End (an ordinary annuity) assumes each payment happens at the end of the period, which is standard for most loans. Begin (an annuity due) assumes payments at the start of each period, common for leases and some savings plans; it multiplies the payment term by (1+i), slightly changing the result.
Is my data uploaded anywhere?
No — this calculator runs entirely in your browser; nothing is uploaded.
Is this financial advice?
No. These are educational estimates — consult a qualified financial professional before making decisions.
People also ask
What is the time value of money?
It is the principle that a sum of money today is worth more than the same sum in the future because it can earn interest or returns over time. TVM calculations translate amounts across different points in time using an interest rate and a number of periods.
What do PV, FV, PMT, N, and rate mean in a finance calculator?
PV is the present value or starting amount, FV is the future value or ending balance, PMT is the recurring payment each period, N is the total number of periods, and rate is the annual interest rate. Given any four, the calculator solves for the fifth.
How is compounding frequency different from the number of periods?
Compounding frequency is how many times per year interest is applied (for example 12 for monthly), while N is the total count of those periods over the whole term. A 30-year monthly loan has a frequency of 12 and an N of 360 (30 years times 12 months).
Why does a higher compounding frequency change my result?
More frequent compounding applies interest more often, so the per-period rate is the annual rate divided by a larger number, and growth or interest charges accumulate slightly differently. With the same annual rate, switching from annual to monthly compounding generally increases the effective amount of interest over time.
What is the difference between an ordinary annuity and an annuity due?
An ordinary annuity has payments at the end of each period, while an annuity due has them at the beginning. Paying at the start of each period means each payment has slightly more time to accrue, which is why annuity-due figures differ from end-of-period ones.
Can a TVM calculator find an interest rate or loan term?

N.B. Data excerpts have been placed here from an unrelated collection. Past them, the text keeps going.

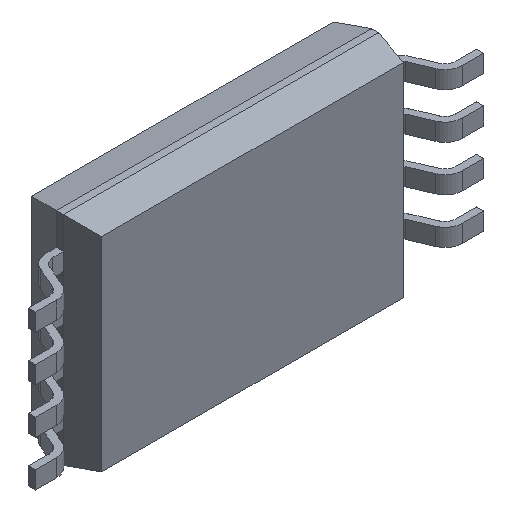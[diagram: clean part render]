
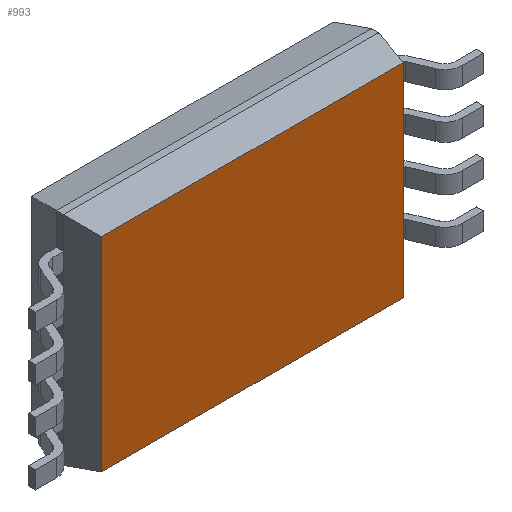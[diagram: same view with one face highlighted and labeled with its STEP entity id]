
A CAD part, isometric view. The second image highlights one B-rep face of the part: STEP entity #993.
In plain terms, the highlighted planar face has unit normal (0, -1, 0).
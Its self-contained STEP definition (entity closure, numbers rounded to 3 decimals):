
#6 = VECTOR ( 'NONE', #1408, 1000. ) ;
#183 = ORIENTED_EDGE ( 'NONE', *, *, #1057, .F. ) ;
#202 = ORIENTED_EDGE ( 'NONE', *, *, #1018, .F. ) ;
#255 = ORIENTED_EDGE ( 'NONE', *, *, #1125, .F. ) ;
#260 = ORIENTED_EDGE ( 'NONE', *, *, #1126, .F. ) ;
#303 = PLANE ( 'NONE',  #456 ) ;
#324 = DIRECTION ( 'NONE',  ( 0., 1., 0. ) ) ;
#326 = CARTESIAN_POINT ( 'NONE',  ( -2.25, -0.5, 1.55 ) ) ;
#341 = DIRECTION ( 'NONE',  ( 0., 0., 1. ) ) ;
#373 = CARTESIAN_POINT ( 'NONE',  ( 2.154, -0.5, -1.454 ) ) ;
#377 = CARTESIAN_POINT ( 'NONE',  ( 2.154, -0.5, 1.454 ) ) ;
#414 = CARTESIAN_POINT ( 'NONE',  ( -2.154, -0.5, -1.454 ) ) ;
#421 = CARTESIAN_POINT ( 'NONE',  ( -2.154, -0.5, 1.454 ) ) ;
#456 = AXIS2_PLACEMENT_3D ( 'NONE', #326, #324, #341 ) ;
#473 = FACE_OUTER_BOUND ( 'NONE', #670, .T. ) ;
#544 = VECTOR ( 'NONE', #736, 1000. ) ;
#583 = VERTEX_POINT ( 'NONE', #414 ) ;
#604 = VERTEX_POINT ( 'NONE', #421 ) ;
#634 = VERTEX_POINT ( 'NONE', #373 ) ;
#666 = VERTEX_POINT ( 'NONE', #377 ) ;
#670 = EDGE_LOOP ( 'NONE', ( #255, #183, #202, #260 ) ) ;
#736 = DIRECTION ( 'NONE',  ( 1., 0., 0. ) ) ;
#737 = CARTESIAN_POINT ( 'NONE',  ( -2.25, -0.5, 1.454 ) ) ;
#738 = LINE ( 'NONE', #737, #544 ) ;
#993 = ADVANCED_FACE ( 'NONE', ( #473 ), #303, .F. ) ;
#1018 = EDGE_CURVE ( 'NONE', #583, #604, #1410, .T. ) ;
#1057 = EDGE_CURVE ( 'NONE', #604, #666, #738, .T. ) ;
#1125 = EDGE_CURVE ( 'NONE', #666, #634, #1179, .T. ) ;
#1126 = EDGE_CURVE ( 'NONE', #634, #583, #1182, .T. ) ;
#1179 = LINE ( 'NONE', #1180, #1327 ) ;
#1180 = CARTESIAN_POINT ( 'NONE',  ( 2.154, -0.5, 1.55 ) ) ;
#1181 = DIRECTION ( 'NONE',  ( 0., 0., -1. ) ) ;
#1182 = LINE ( 'NONE', #1183, #1328 ) ;
#1183 = CARTESIAN_POINT ( 'NONE',  ( -2.25, -0.5, -1.454 ) ) ;
#1184 = DIRECTION ( 'NONE',  ( -1., 0., 0. ) ) ;
#1327 = VECTOR ( 'NONE', #1181, 1000. ) ;
#1328 = VECTOR ( 'NONE', #1184, 1000. ) ;
#1408 = DIRECTION ( 'NONE',  ( 0., 0., 1. ) ) ;
#1409 = CARTESIAN_POINT ( 'NONE',  ( -2.154, -0.5, 1.55 ) ) ;
#1410 = LINE ( 'NONE', #1409, #6 ) ;
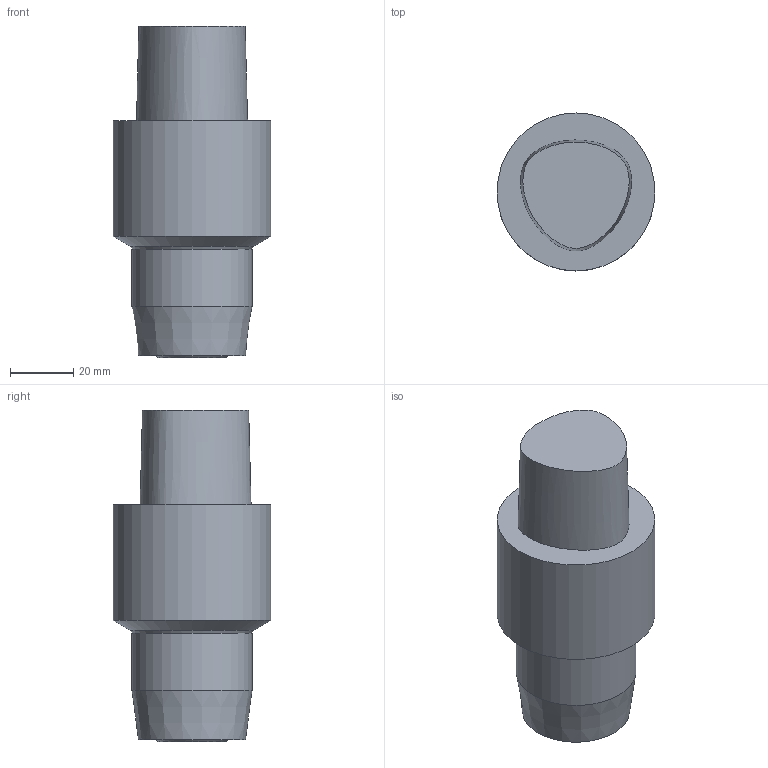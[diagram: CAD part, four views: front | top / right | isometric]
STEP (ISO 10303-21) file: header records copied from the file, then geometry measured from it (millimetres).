
FILE_DESCRIPTION((''),'1');
FILE_NAME('C5-HDC16-75.stp','2012-11-27T06:04:28',(''),(''),'Spatial Interop R18','Kubotek KeyCreator V8.5.1 (14335)',' ');
FILE_SCHEMA(('CONFIG_CONTROL_DESIGN'));
Length unit declared in the file: millimetre
Products named in the file (1): 1
Bounding box: 49.98 x 49.98 x 105 mm (x, y, z)
Volume: 141510.2 mm3; surface area: 16729.2 mm2
Topology: 1 solids, 1 shells, 11 faces, 17 edges, 10 vertices
Faces by surface type: plane 4, cone 4, cylinder 2, bspline 1
Full cylindrical faces by diameter (mm): 38 x1, 49.98 x1
Entity records: 781 total; most frequent: CARTESIAN_POINT 562, DIRECTION 38, ORIENTED_EDGE 22, AXIS2_PLACEMENT_3D 19, EDGE_LOOP 19, FACE_BOUND 14, ADVANCED_FACE 11, EDGE_CURVE 11
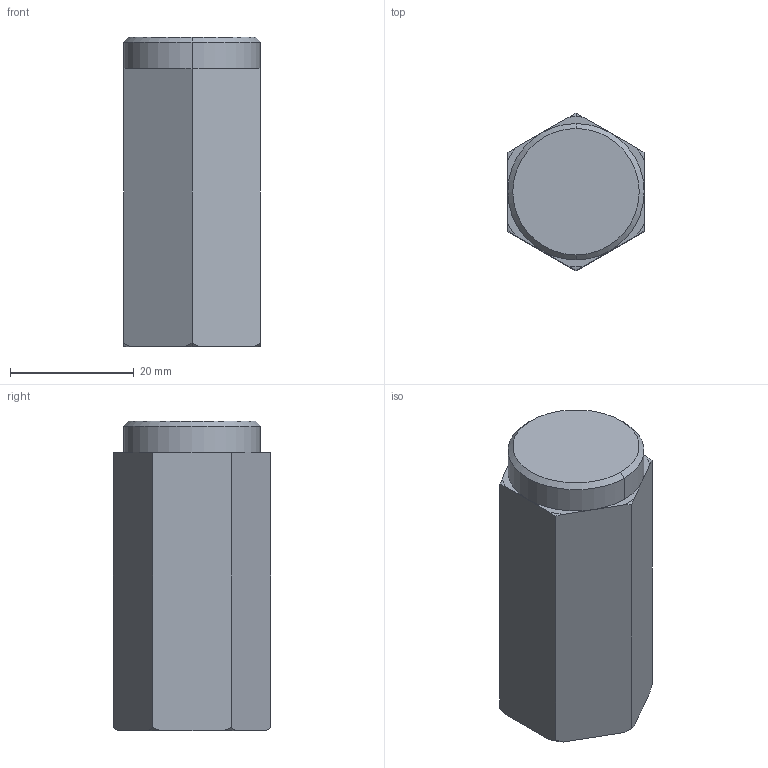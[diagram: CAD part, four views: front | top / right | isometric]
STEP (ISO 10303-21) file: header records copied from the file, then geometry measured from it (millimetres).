
FILE_DESCRIPTION (( 'STEP AP203' ), '1' );
FILE_NAME ('bj812-12050-f.STEP', '2021-10-25T00:32:45', ( '' ), ( '' ), 'SwSTEP 2.0', 'SolidWorks 2020', '' );
FILE_SCHEMA (( 'CONFIG_CONTROL_DESIGN' ));
Length unit declared in the file: millimetre
Products named in the file (1): bj812-12050-f
Bounding box: 22 x 25.4 x 50 mm (x, y, z)
Volume: 17912.8 mm3; surface area: 5519.1 mm2
Topology: 1 solids, 1 shells, 35 faces, 86 edges, 54 vertices
Faces by surface type: plane 15, cone 9, torus 7, cylinder 4
Entity records: 1140 total; most frequent: CARTESIAN_POINT 256, ORIENTED_EDGE 172, DIRECTION 165, EDGE_CURVE 86, AXIS2_PLACEMENT_3D 67, VERTEX_POINT 54, EDGE_LOOP 36, ADVANCED_FACE 35
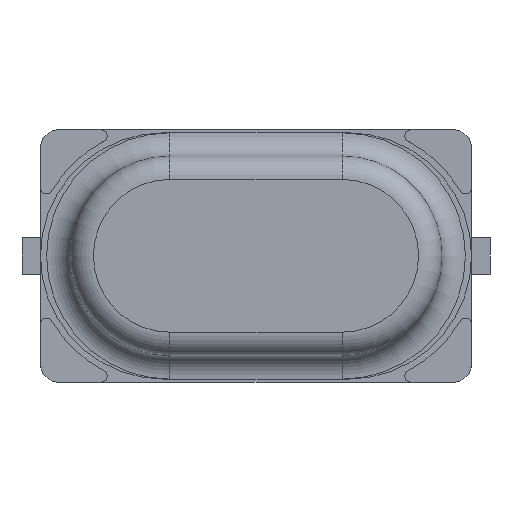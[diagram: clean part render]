
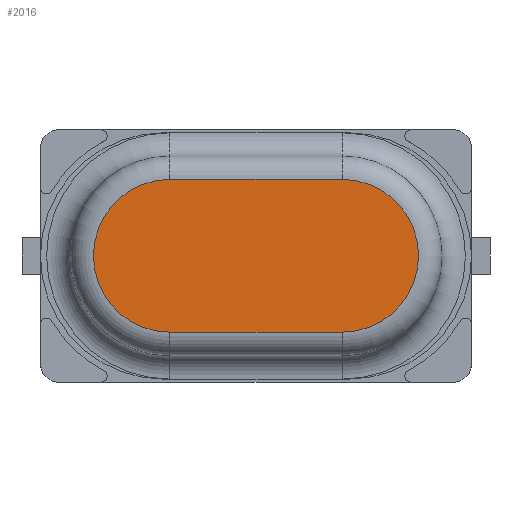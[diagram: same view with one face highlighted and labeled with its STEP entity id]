
A CAD part, top view. The second image highlights one B-rep face of the part: STEP entity #2016.
In plain terms, the highlighted planar face has unit normal (0, 0, 1).
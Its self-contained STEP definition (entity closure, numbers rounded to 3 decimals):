
#127 = CARTESIAN_POINT ( 'NONE',  ( 1.4, 0., 1.8 ) ) ;
#204 = DIRECTION ( 'NONE',  ( 1., 0., 0. ) ) ;
#217 = CARTESIAN_POINT ( 'NONE',  ( -1.4, -1.24, 1.8 ) ) ;
#294 = CARTESIAN_POINT ( 'NONE',  ( -1.4, 1.24, 1.8 ) ) ;
#366 = VERTEX_POINT ( 'NONE', #217 ) ;
#370 = VERTEX_POINT ( 'NONE', #417 ) ;
#371 = PLANE ( 'NONE',  #1896 ) ;
#417 = CARTESIAN_POINT ( 'NONE',  ( 1.4, -1.24, 1.8 ) ) ;
#459 = CIRCLE ( 'NONE', #1178, 1.24 ) ;
#542 = VERTEX_POINT ( 'NONE', #2197 ) ;
#666 = CARTESIAN_POINT ( 'NONE',  ( -1.4, 1.24, 1.8 ) ) ;
#682 = DIRECTION ( 'NONE',  ( -1., 0., 0. ) ) ;
#734 = ORIENTED_EDGE ( 'NONE', *, *, #1750, .T. ) ;
#857 = DIRECTION ( 'NONE',  ( 0., 0., 1. ) ) ;
#906 = DIRECTION ( 'NONE',  ( 0., 0., 1. ) ) ;
#983 = EDGE_CURVE ( 'NONE', #366, #370, #2780, .T. ) ;
#1029 = VERTEX_POINT ( 'NONE', #294 ) ;
#1168 = DIRECTION ( 'NONE',  ( 1., 0., 0. ) ) ;
#1178 = AXIS2_PLACEMENT_3D ( 'NONE', #127, #857, #2561 ) ;
#1438 = CARTESIAN_POINT ( 'NONE',  ( 1.4, -1.24, 1.8 ) ) ;
#1640 = FACE_OUTER_BOUND ( 'NONE', #3115, .T. ) ;
#1646 = CIRCLE ( 'NONE', #2106, 1.24 ) ;
#1750 = EDGE_CURVE ( 'NONE', #1029, #366, #1646, .T. ) ;
#1884 = ORIENTED_EDGE ( 'NONE', *, *, #1917, .T. ) ;
#1896 = AXIS2_PLACEMENT_3D ( 'NONE', #2553, #2067, #2332 ) ;
#1916 = ORIENTED_EDGE ( 'NONE', *, *, #3008, .T. ) ;
#1917 = EDGE_CURVE ( 'NONE', #370, #542, #459, .T. ) ;
#2016 = ADVANCED_FACE ( 'NONE', ( #1640 ), #371, .T. ) ;
#2067 = DIRECTION ( 'NONE',  ( 0., 0., 1. ) ) ;
#2089 = VECTOR ( 'NONE', #204, 1000. ) ;
#2106 = AXIS2_PLACEMENT_3D ( 'NONE', #2116, #906, #1168 ) ;
#2116 = CARTESIAN_POINT ( 'NONE',  ( -1.4, 0., 1.8 ) ) ;
#2197 = CARTESIAN_POINT ( 'NONE',  ( 1.4, 1.24, 1.8 ) ) ;
#2332 = DIRECTION ( 'NONE',  ( 1., 0., 0. ) ) ;
#2349 = VECTOR ( 'NONE', #682, 1000. ) ;
#2537 = ORIENTED_EDGE ( 'NONE', *, *, #983, .T. ) ;
#2553 = CARTESIAN_POINT ( 'NONE',  ( -1.4, 0., 1.8 ) ) ;
#2561 = DIRECTION ( 'NONE',  ( 1., 0., 0. ) ) ;
#2780 = LINE ( 'NONE', #1438, #2089 ) ;
#2874 = LINE ( 'NONE', #666, #2349 ) ;
#3008 = EDGE_CURVE ( 'NONE', #542, #1029, #2874, .T. ) ;
#3115 = EDGE_LOOP ( 'NONE', ( #1884, #1916, #734, #2537 ) ) ;
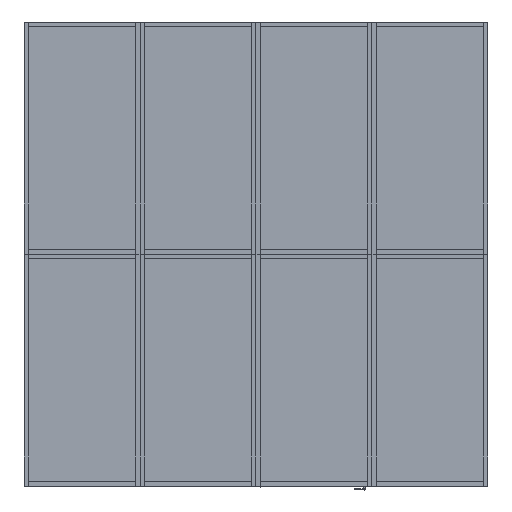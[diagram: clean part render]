
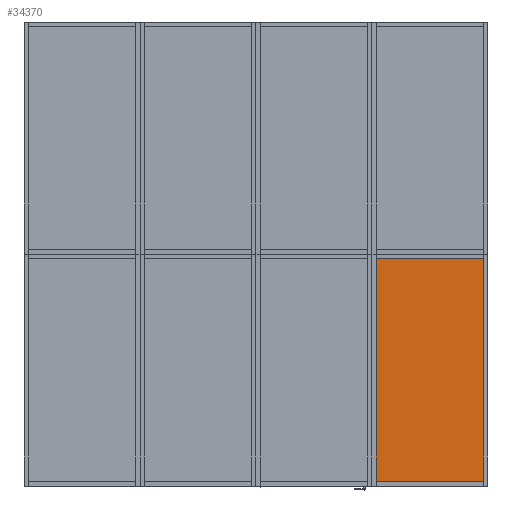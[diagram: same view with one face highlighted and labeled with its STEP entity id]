
A CAD part, top view. The second image highlights one B-rep face of the part: STEP entity #34370.
In plain terms, the highlighted planar face has unit normal (0, 0, 1).
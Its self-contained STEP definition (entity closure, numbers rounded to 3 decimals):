
#3090=FACE_OUTER_BOUND('',#5343,.T.);
#5343=EDGE_LOOP('',(#23000,#23001,#23002,#23003));
#7806=LINE('',#51170,#11354);
#7809=LINE('',#51176,#11357);
#7812=LINE('',#51182,#11360);
#7815=LINE('',#51186,#11363);
#11354=VECTOR('',#40424,1.);
#11357=VECTOR('',#40429,1.);
#11360=VECTOR('',#40434,1.);
#11363=VECTOR('',#40439,1.);
#14902=VERTEX_POINT('',#51167);
#14903=VERTEX_POINT('',#51169);
#14905=VERTEX_POINT('',#51175);
#14907=VERTEX_POINT('',#51181);
#18066=EDGE_CURVE('',#14903,#14902,#7806,.T.);
#18069=EDGE_CURVE('',#14905,#14903,#7809,.T.);
#18072=EDGE_CURVE('',#14907,#14905,#7812,.T.);
#18075=EDGE_CURVE('',#14902,#14907,#7815,.T.);
#23000=ORIENTED_EDGE('',*,*,#18075,.T.);
#23001=ORIENTED_EDGE('',*,*,#18072,.T.);
#23002=ORIENTED_EDGE('',*,*,#18069,.T.);
#23003=ORIENTED_EDGE('',*,*,#18066,.T.);
#32817=PLANE('',#36826);
#34370=ADVANCED_FACE('',(#3090),#32817,.T.);
#36826=AXIS2_PLACEMENT_3D('',#51188,#40442,#40443);
#40424=DIRECTION('',(1.,0.,0.));
#40429=DIRECTION('',(0.,-1.,0.));
#40434=DIRECTION('',(-1.,0.,0.));
#40439=DIRECTION('',(0.,1.,0.));
#40442=DIRECTION('center_axis',(0.,0.,1.));
#40443=DIRECTION('ref_axis',(1.,0.,0.));
#51167=CARTESIAN_POINT('',(4847.5,-4847.5,2160.5));
#51169=CARTESIAN_POINT('',(3692.5,-4847.5,2160.5));
#51170=CARTESIAN_POINT('',(4847.5,-4847.5,2160.5));
#51175=CARTESIAN_POINT('',(3692.5,-2472.5,2160.5));
#51176=CARTESIAN_POINT('',(3692.5,-4847.5,2160.5));
#51181=CARTESIAN_POINT('',(4847.5,-2472.5,2160.5));
#51182=CARTESIAN_POINT('',(3692.5,-2472.5,2160.5));
#51186=CARTESIAN_POINT('',(4847.5,-2472.5,2160.5));
#51188=CARTESIAN_POINT('Origin',(4270.,-3660.,2160.5));

Yes. By setting the solve-for option to rate or to number of periods and supplying the other four variables, it can compute the implied annual rate or how many periods are required to reach a target balance.
Is this the same as a compound interest calculator?
They overlap but are not identical. A TVM solver handles compound growth of a lump sum plus a stream of regular payments and can solve for any variable, whereas a basic compound interest calculator usually focuses on how a single principal grows over time.